Wildlife Rehabilitation Center noted the baby otter was too young to survive without its mother and was rescued by Gus.

Three-legged dog battling cancer jumps into freezing river to save baby otter
Image source: left: Instagram/wrcmn Right: YouTube screenshot/WCCO - CBS Minnesota

A three-legged dog battling cancer jumped into a river to save a baby otter in Minnesota. The dog noticed the baby otter struggling and drowning and he jumped into the freezing river without hesitation. Gus the goldendoodle swam at least 50 feet out into the St. Croix River to rescue the baby otter. He then swam back to the bank with the otter and dropped it in front of Cleo Young, his owner, reported ABC 15. Young was out walking with her two grandchildren and Gus when the incident happened. "Everyone give a shout-out to Gus, the wonderful golden doodle who came across this tiny young River Otter and rescued it," wrote the Wildlife Rehabilitation Center of Minnesota on its Facebook page. They also posted a video of the baby otter being nursed using a syringe while wrapped in a blanket. 

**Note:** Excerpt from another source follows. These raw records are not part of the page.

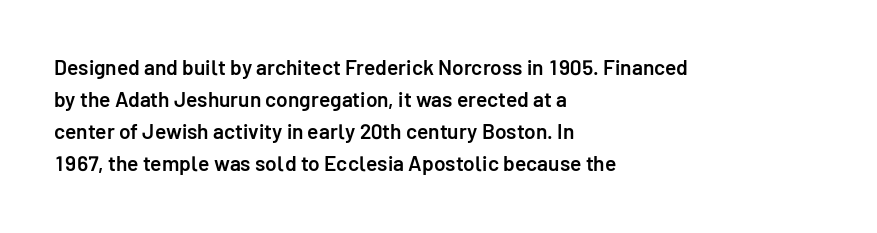
Regular leading. This sample is left-justified, so line endings fall wherever the words run out. Honestly, the letter spacing is just normal — you wouldn't notice it. The glyphs are unaccompanied by any horizontal stroke below them. Every letter is mildly thick-stroked: semibold rather than bold.
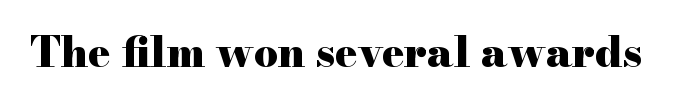
{"serif": "yes", "italic": "no", "bold": "yes", "weight": "heavy", "width": "wide", "stroke_contrast": "high", "x_height": "small", "monospaced": "no", "underline": "no", "letter_spacing": "normal", "letter_spacing_em": 0.0, "glyph_px": 42}
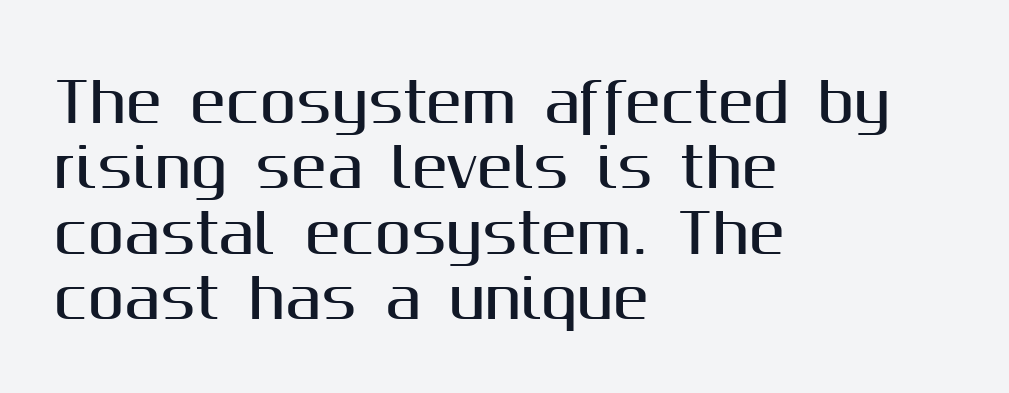
It's the straight-up-and-down kind of type. The lines are quadded left. Letter spacing: default. A typesetter would call this proportional, since set widths differ per character.
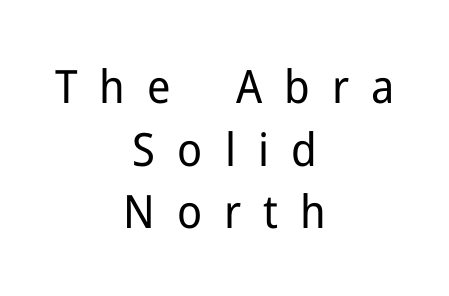
The lines are quadded center. Stems and bowls with no extra thickness — not bold. Interline gaps are of average width in this sample. Is the letter spacing exaggerated? Yes — the characters are pushed far apart.
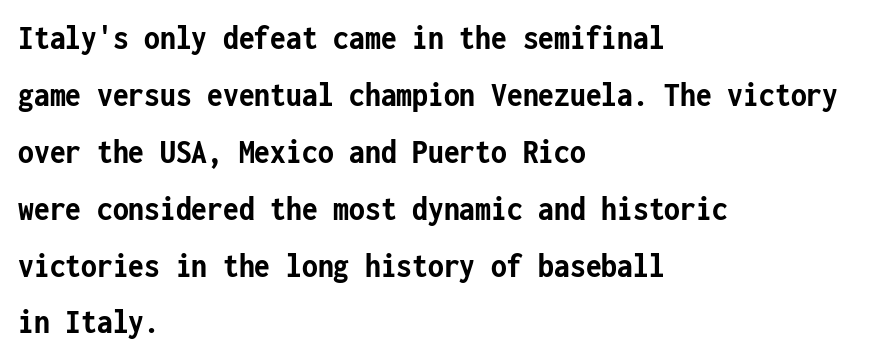
In terms of weight, the rendering is a true, heavy bold. The passage shown is not underscored anywhere. Each letter, wide or thin by design, is forced into the same width here. Default kerning and tracking; the words read as compact shapes.
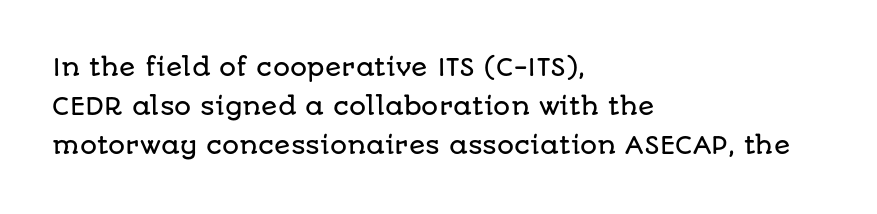
Each word holds together tightly as a unit, with standard inter-letter gaps. Designer's note — italics off, roman on. Horizontally, the lines are justified to the leading edge only. Lines of text with bare space underneath. The line-height multiplier appears to be the usual default.
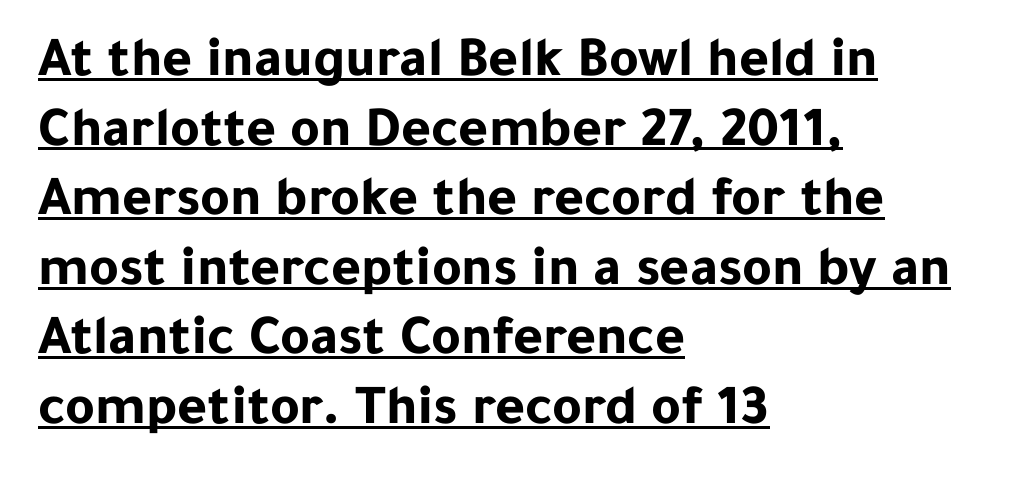
The image shows 57 px bold sans-serif type, upright; set left-aligned, line spacing 1.22x, normal letter spacing, underlined; low stroke contrast and a medium x-height.

"The otter is much too young to be in the water, it should still be in the den with its mom," noted the Wildlife Rehabilitation Center of Minnesota. "Having no idea where the den is, how far the little guy traveled, the otter has been admitted for rehabilitation." Gus has been battling cancer and his back right leg had to be amputated after tumors were found. “We thought, Oh this is going to be so sad, he isn’t going to be able to run again like he used to, but this hasn’t slowed him down at all,” said Young. Gus, like most dogs, is a natural swimmer and didn't hesitate to save the baby otter on April 17, according to WCCO. The baby otter was covered in sand. Cleo Young washed it off and rushed it to the wildlife rehabilitation center in the hopes of saving it. “He’s a very friendly, happy, goldendoodle,” gushes Gus’ owner, reported Minnesota CBS local.

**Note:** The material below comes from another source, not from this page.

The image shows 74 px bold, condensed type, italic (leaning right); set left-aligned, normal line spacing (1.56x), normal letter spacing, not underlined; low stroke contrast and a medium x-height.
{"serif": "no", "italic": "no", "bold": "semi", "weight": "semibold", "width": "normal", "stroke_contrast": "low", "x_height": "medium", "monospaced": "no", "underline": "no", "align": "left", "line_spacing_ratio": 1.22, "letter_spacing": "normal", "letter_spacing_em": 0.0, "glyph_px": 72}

Wildlife officials were worried about the baby otter as it was very cold and they suspected it was fighting pneumonia. "Despite his journey, he just has a few scrapes. He's in critical care tonight as we monitor his temperature and then watch for signs of pneumonia," read an Instagram post of the Wildlife Rehabilitation Center. They were worried for the first 36 hours but updated that the baby otter was now doing well and being cared for. “Kudos to Gus and his wonderful owners, Cleo and John, for saving this young otter’s life," said the wildlife group. According to its bio, Wildlife Rehabilitation Center of Minnesota is the world's busiest wildlife hospital and one of the nation's oldest, providing emergency medical care to 19,000+ wild animals in 2022 alone. The baby otter has now been transferred to another rehabilitation center for more care.

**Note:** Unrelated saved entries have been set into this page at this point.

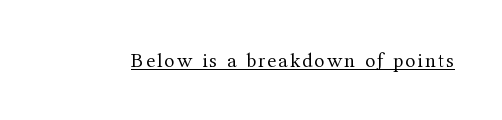
{"italic": "no", "bold": "no", "underline": "yes", "glyph_px": 21}
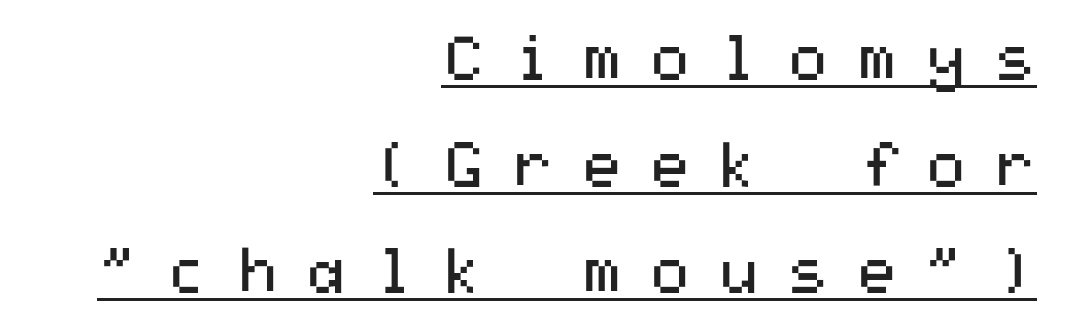
Q: Is the text bold? A: No.
Q: Is the text italic (slanted)? A: No, it is upright.
Q: Is the typeface a serif or a sans-serif typeface? A: Sans-serif.
Q: Is the text underlined? A: Yes.
Q: How is the paragraph aligned? A: Right-aligned.
Q: Is the spacing between letters normal or unusually wide? A: Unusually wide.
Q: Width (condensed, normal, or wide)? A: Wide.
Q: Stroke contrast? A: Medium.
Q: x-height? A: Medium.
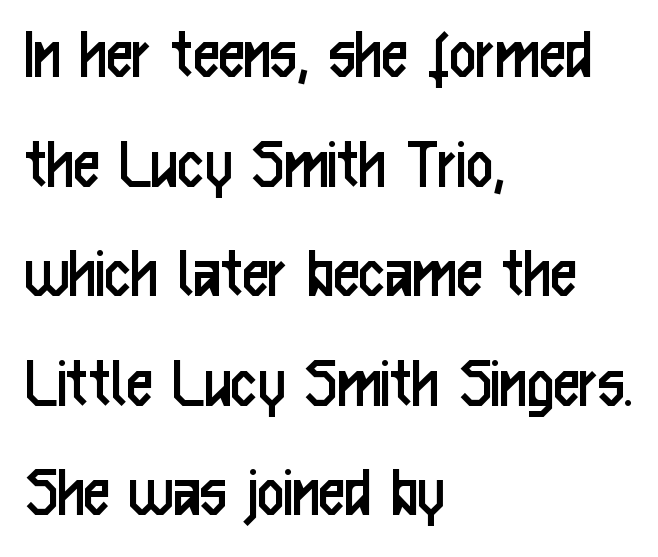
The glyphs are unaccompanied by any horizontal stroke below them. No extra ink here — the face is not bold. Each letter keeps its own natural width here, so spacing adapts to shape. These lines are set flush left with a ragged right edge. Is this a sans? Yes — the strokes have no serifs. The typography opts for an upright posture over an oblique one.
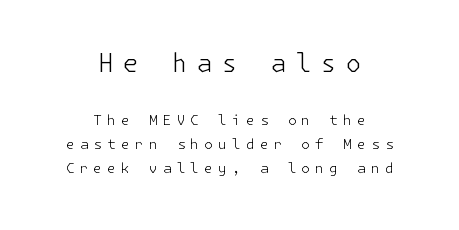
{"italic": "no", "bold": "no", "underline": "no", "align": "center", "line_spacing": "normal", "line_spacing_ratio": 1.7, "letter_spacing": "wide", "letter_spacing_em": 0.37, "larger_block": "first", "size_ratio": 1.79, "glyph_px": 25}
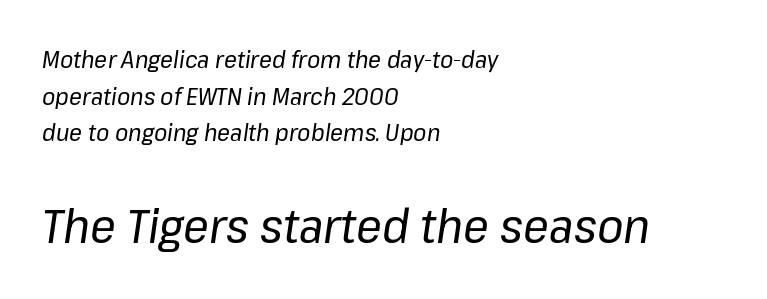
Q: Is the text bold? A: No.
Q: Is the text italic (slanted)? A: Yes, it leans right by about 8 degrees.
Q: Is the text underlined? A: No.
Q: How is the paragraph aligned? A: Left-aligned.
Q: Is the spacing between letters normal or unusually wide? A: Normal.
Q: Is the spacing between lines tight, normal or loose? A: Normal.
Q: Which block of text is set in a larger size, the first (top) or the second (bottom)? A: The second (bottom) one.
Q: Width (condensed, normal, or wide)? A: Normal.
Q: Stroke contrast? A: Low.
Q: x-height? A: Medium.
Q: Monospaced? A: No.
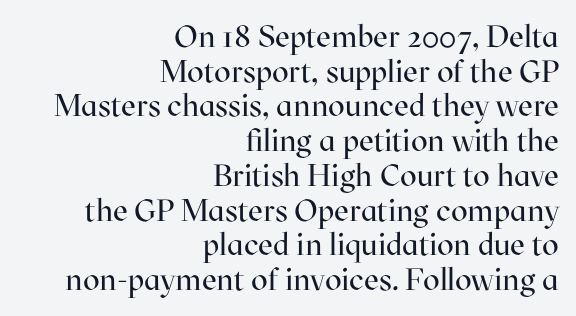
The axis of the letterforms is exactly vertical. Counters stay open thanks to moderate or lighter strokes. Varying glyph widths throughout — classic text-font behaviour. Regarding serifs, this sample has them. Spacing between characters is what you'd get straight out of the box. The line-height multiplier appears low, near solid setting.

People lauded Gus and the hospital staff for rescuing the baby river otter. "Good boy Gus! What a hero!!! He knew what was going on. He gently held the baby in his mouth. He even dropped the otter at his owners' feet. Such a brilliant, compassionate hero!!!!" wrote Marilyn. "What a beautiful rescue story this little otter has!! A big THANK YOU to Gus and his wise owners… and to you All at WRC… Such a fortunate and precious baby," wrote Elliott. "You do such a wonderful job at WRC! Thank you SO much for being there and caring for the animals, and thanks to Gus and his parents for bringing the little otter to you," commented Jody. 

Gus still has three more chemotherapy sessions to go, but he's just as loving, happy and kind as he could ever be.